━━━━━ Supplied material ━━━━━
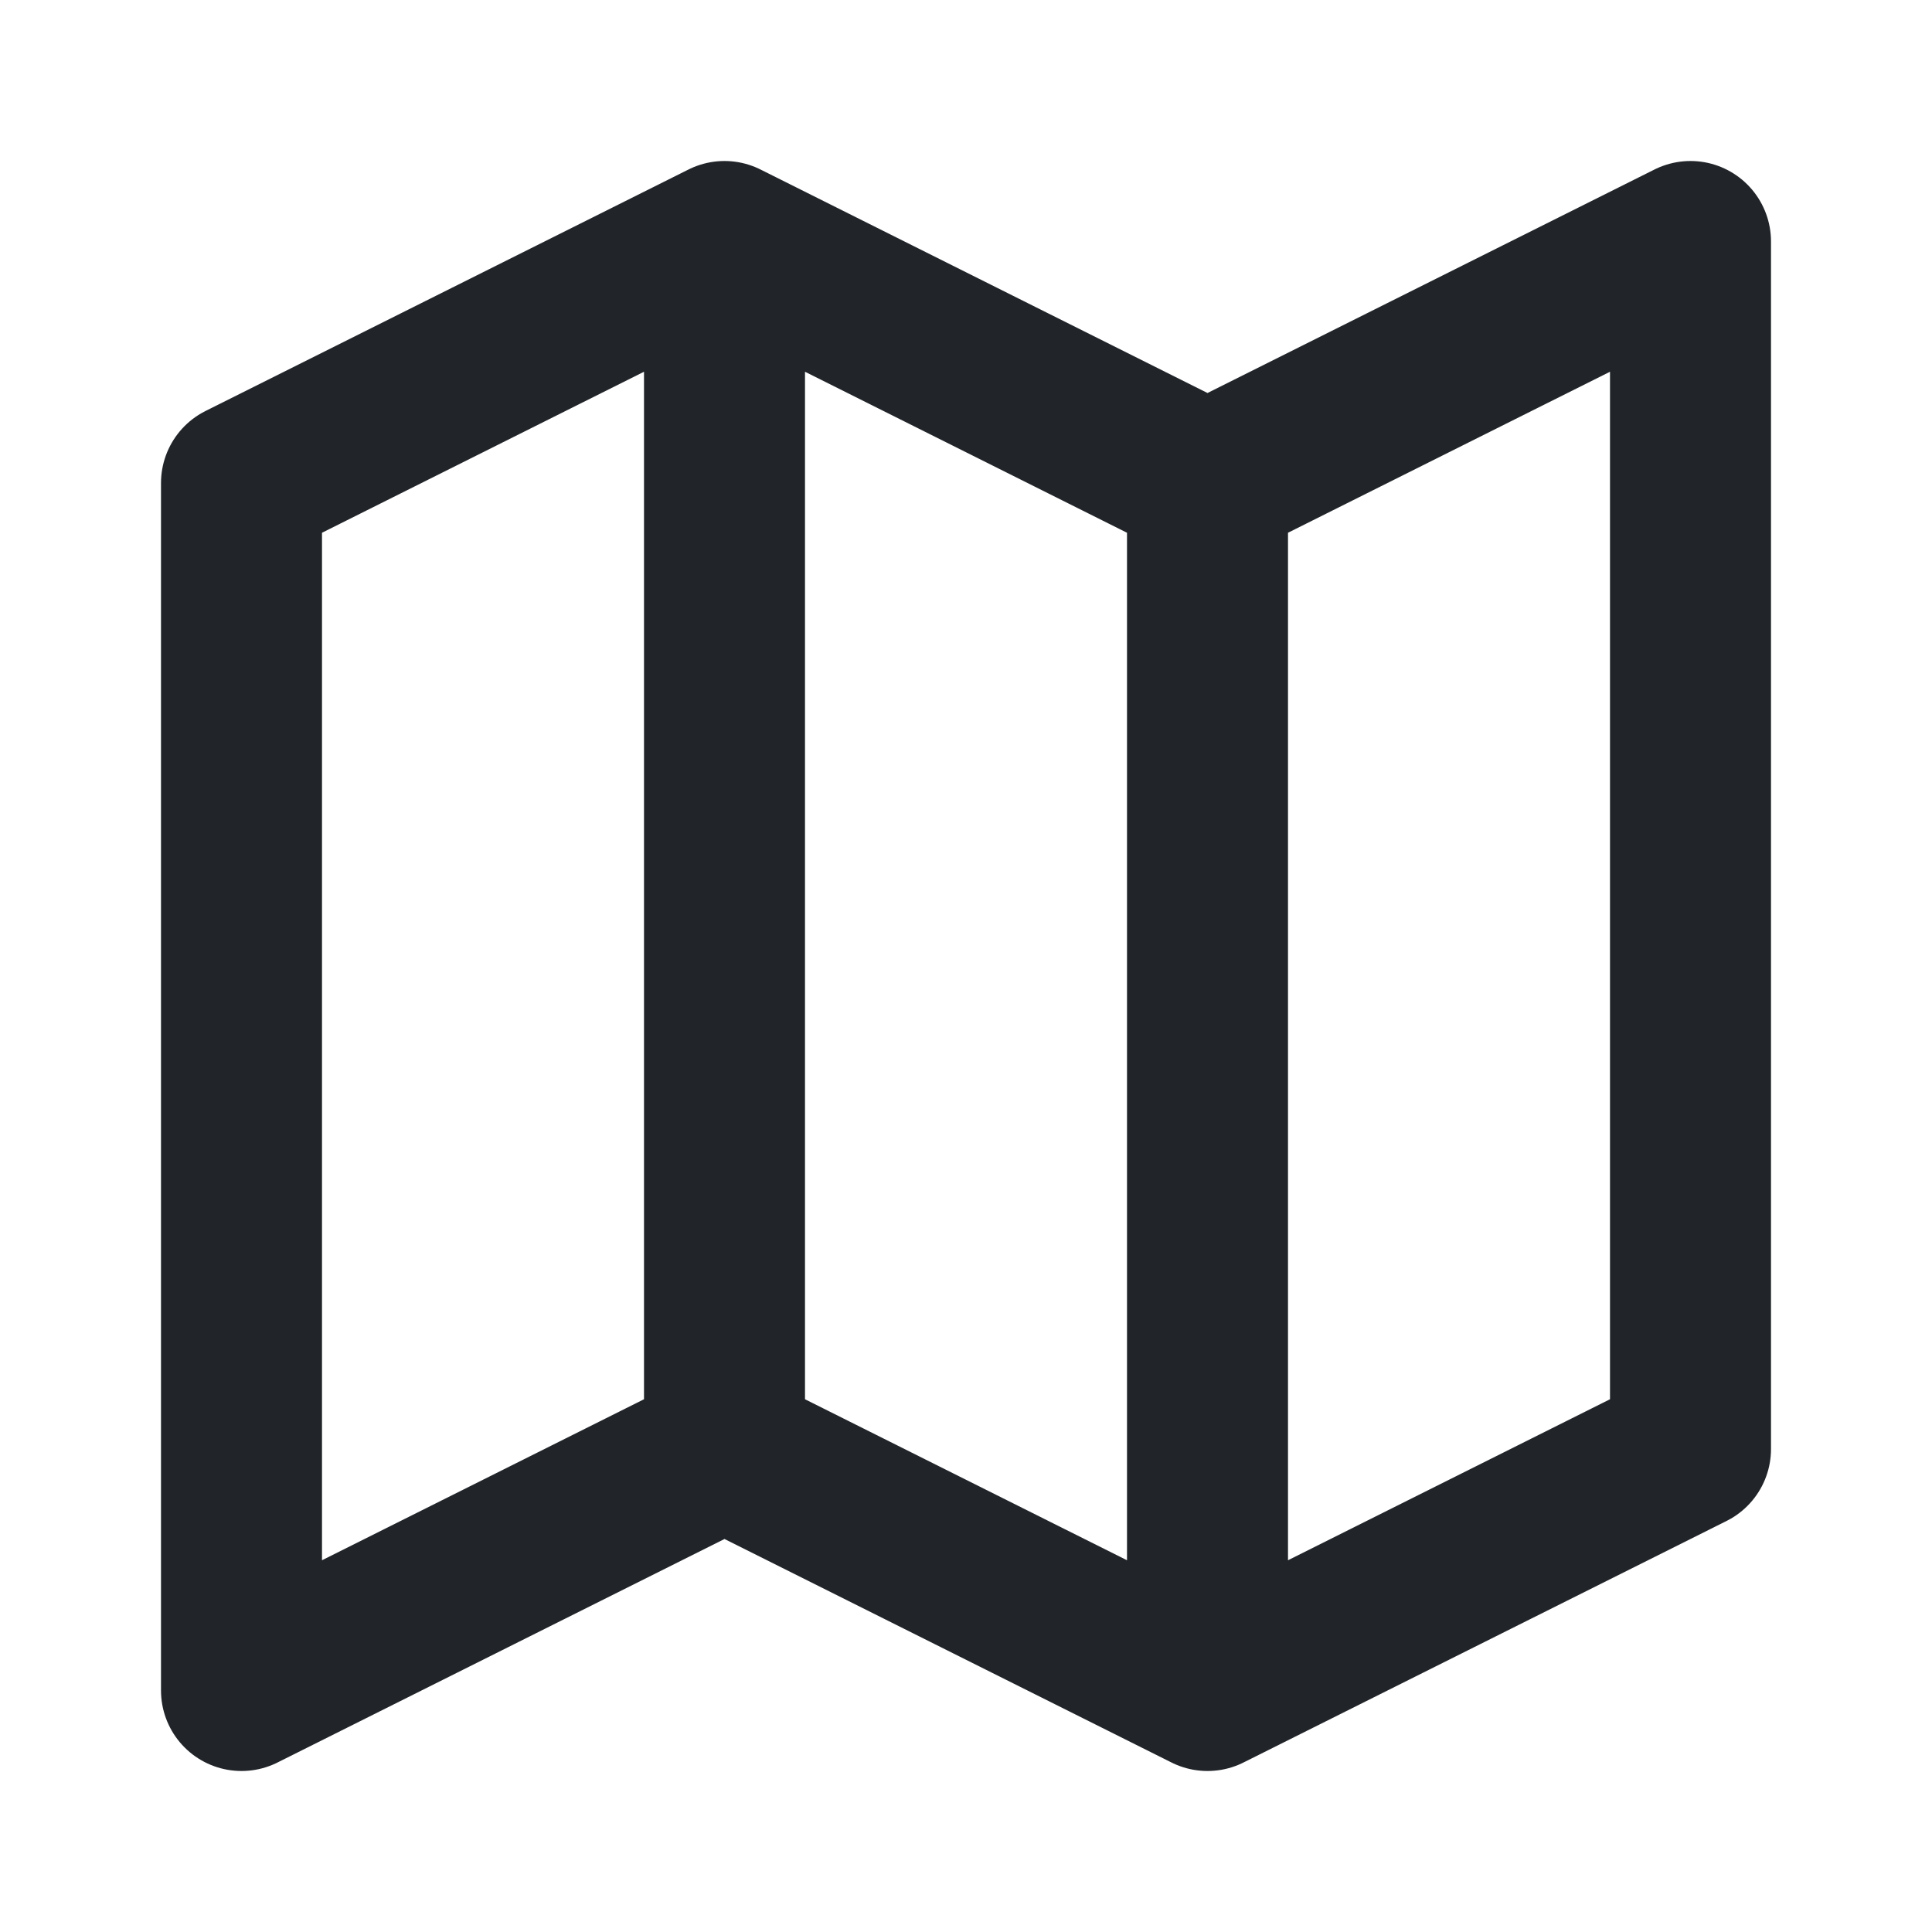 <svg xmlns="http://www.w3.org/2000/svg" width="24" height="24" viewBox="0 0 24 24" fill="none"><path d="M15 6V21M15 6L21 3V18L15 21M15 6L9 3M15 21L9 18M9 18L3 21V6L9 3M9 18V3" stroke="#212529" stroke-width="2" stroke-linecap="round" stroke-linejoin="round"></path></svg>
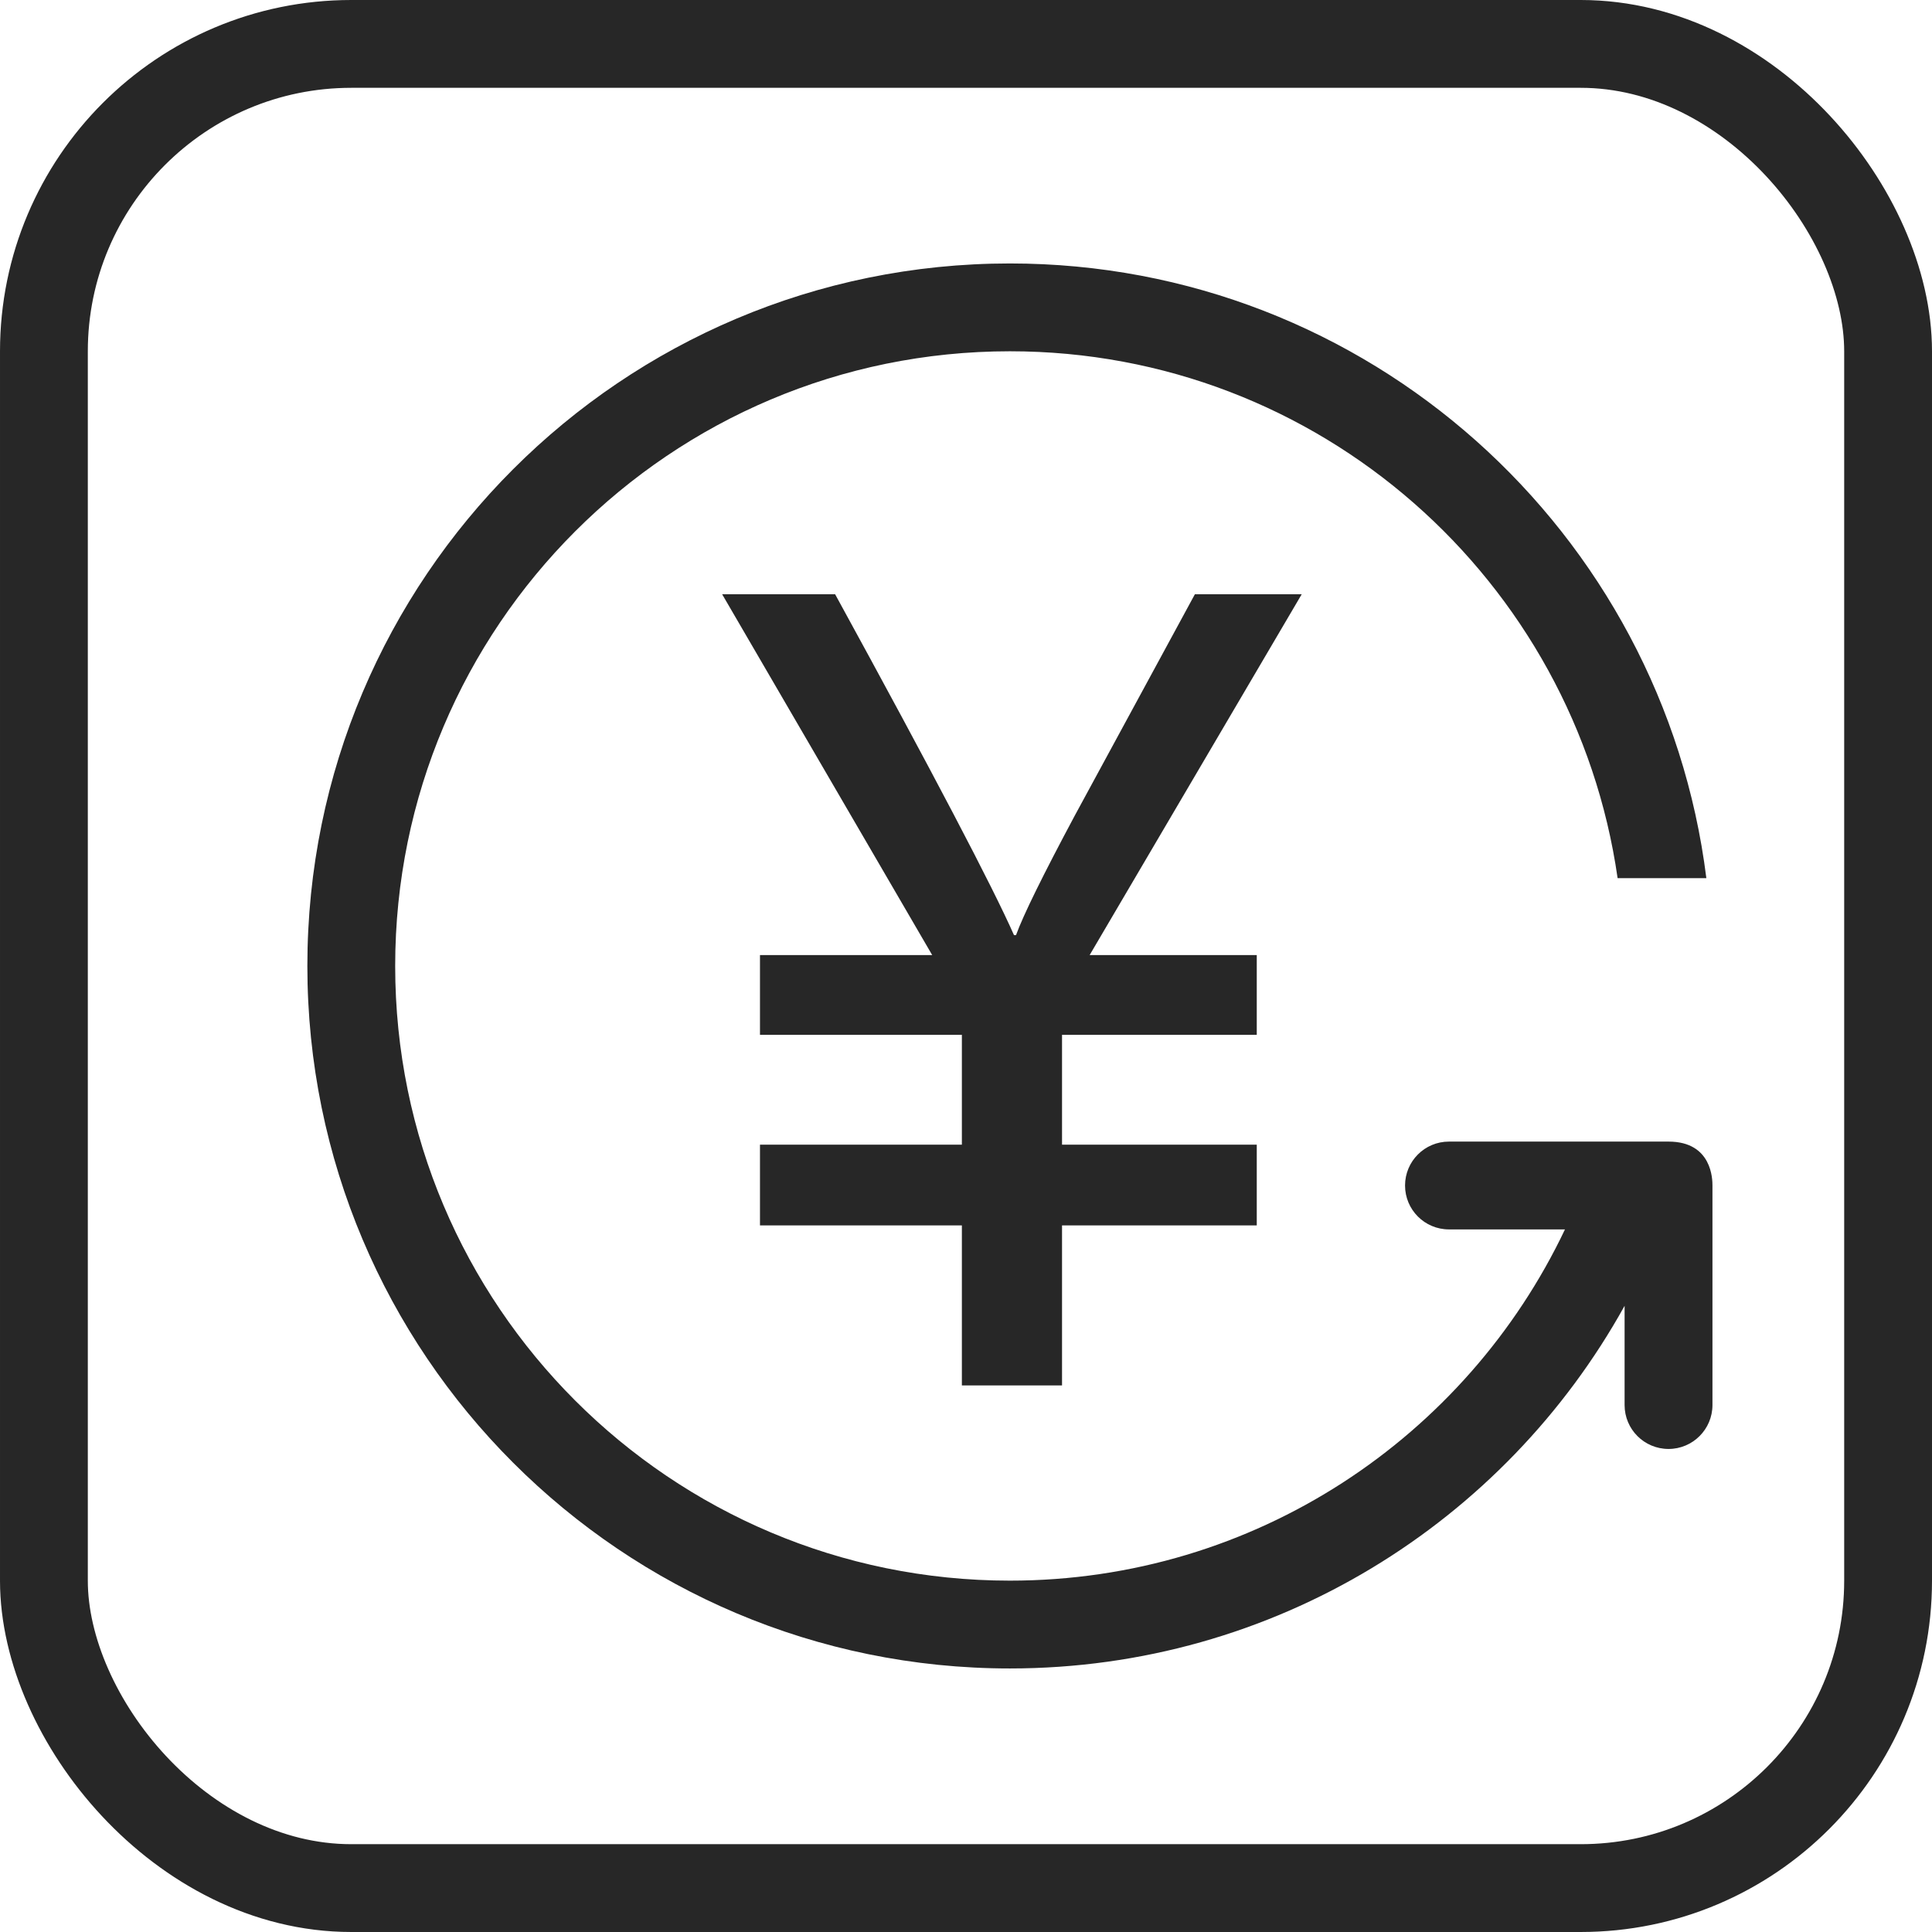 <svg width="44" height="44" viewBox="0 0 44 44" fill="none" xmlns="http://www.w3.org/2000/svg">
<rect width="44" height="44" fill="#F5F5F5"/>
<g clip-path="url(#clip0_0_1)">
<rect width="1920" height="9348" transform="translate(-1211 -1256)" fill="white"/>
<g filter="url(#filter0_d_0_1)">
<rect x="-37" y="-26" width="382" height="258" rx="20" fill="white"/>
</g>
<rect x="1" y="1" width="42" height="42" rx="7" fill="white" stroke="#272727" stroke-width="2"/>
<path d="M29.646 13.533L24.816 21.751H28.622V23.567H24.187V26.069H28.622V27.908H24.187V31.552H21.906V27.908H17.308V26.069H21.906V23.567H17.308V21.751H21.23L16.446 13.533H19.019C21.254 17.615 22.611 20.203 23.093 21.297H23.139C23.302 20.847 23.748 19.939 24.478 18.573L27.213 13.533H29.646Z" fill="#272727"/>
<path d="M32.999 25.999C32.447 25.999 31.999 26.446 31.999 26.999C31.999 27.552 32.447 27.999 32.999 27.999H35.641C33.395 32.727 28.582 35.998 23 35.998C15.268 35.998 9 29.731 9 21.999C9 14.267 15.268 8 23 8C30.05 8 35.867 13.218 36.84 19.999H38.861C37.875 12.109 31.156 6 23 6C14.163 6 7 13.163 7 21.999C7 30.835 14.163 37.998 23 37.998C29.027 37.998 34.271 34.663 36.999 29.739V31.999C36.999 32.551 37.446 32.999 38 32.999C38.551 32.999 39 32.551 39 31.999V26.999C39 26.878 39 25.999 38 25.999H32.999V25.999Z" fill="#272727"/>
</g>
<defs>
<filter id="filter0_d_0_1" x="-49" y="-38" width="406" height="282" filterUnits="userSpaceOnUse" color-interpolation-filters="sRGB">
<feFlood flood-opacity="0" result="BackgroundImageFix"/>
<feColorMatrix in="SourceAlpha" type="matrix" values="0 0 0 0 0 0 0 0 0 0 0 0 0 0 0 0 0 0 127 0" result="hardAlpha"/>
<feOffset/>
<feGaussianBlur stdDeviation="6"/>
<feComposite in2="hardAlpha" operator="out"/>
<feColorMatrix type="matrix" values="0 0 0 0 0 0 0 0 0 0 0 0 0 0 0 0 0 0 0.1 0"/>
<feBlend mode="normal" in2="BackgroundImageFix" result="effect1_dropShadow_0_1"/>
<feBlend mode="normal" in="SourceGraphic" in2="effect1_dropShadow_0_1" result="shape"/>
</filter>
<clipPath id="clip0_0_1">
<rect width="1920" height="9348" fill="white" transform="translate(-1211 -1256)"/>
</clipPath>
</defs>
</svg>
━━━━━
Print only the lines running from the one with "0 0 0 0 127" to the final line of the data above, each exactly as it appears.

<feColorMatrix in="SourceAlpha" type="matrix" values="0 0 0 0 0 0 0 0 0 0 0 0 0 0 0 0 0 0 127 0" result="hardAlpha"/>
<feOffset/>
<feGaussianBlur stdDeviation="6"/>
<feComposite in2="hardAlpha" operator="out"/>
<feColorMatrix type="matrix" values="0 0 0 0 0 0 0 0 0 0 0 0 0 0 0 0 0 0 0.1 0"/>
<feBlend mode="normal" in2="BackgroundImageFix" result="effect1_dropShadow_0_1"/>
<feBlend mode="normal" in="SourceGraphic" in2="effect1_dropShadow_0_1" result="shape"/>
</filter>
<clipPath id="clip0_0_1">
<rect width="1920" height="9348" fill="white" transform="translate(-1211 -1256)"/>
</clipPath>
</defs>
</svg>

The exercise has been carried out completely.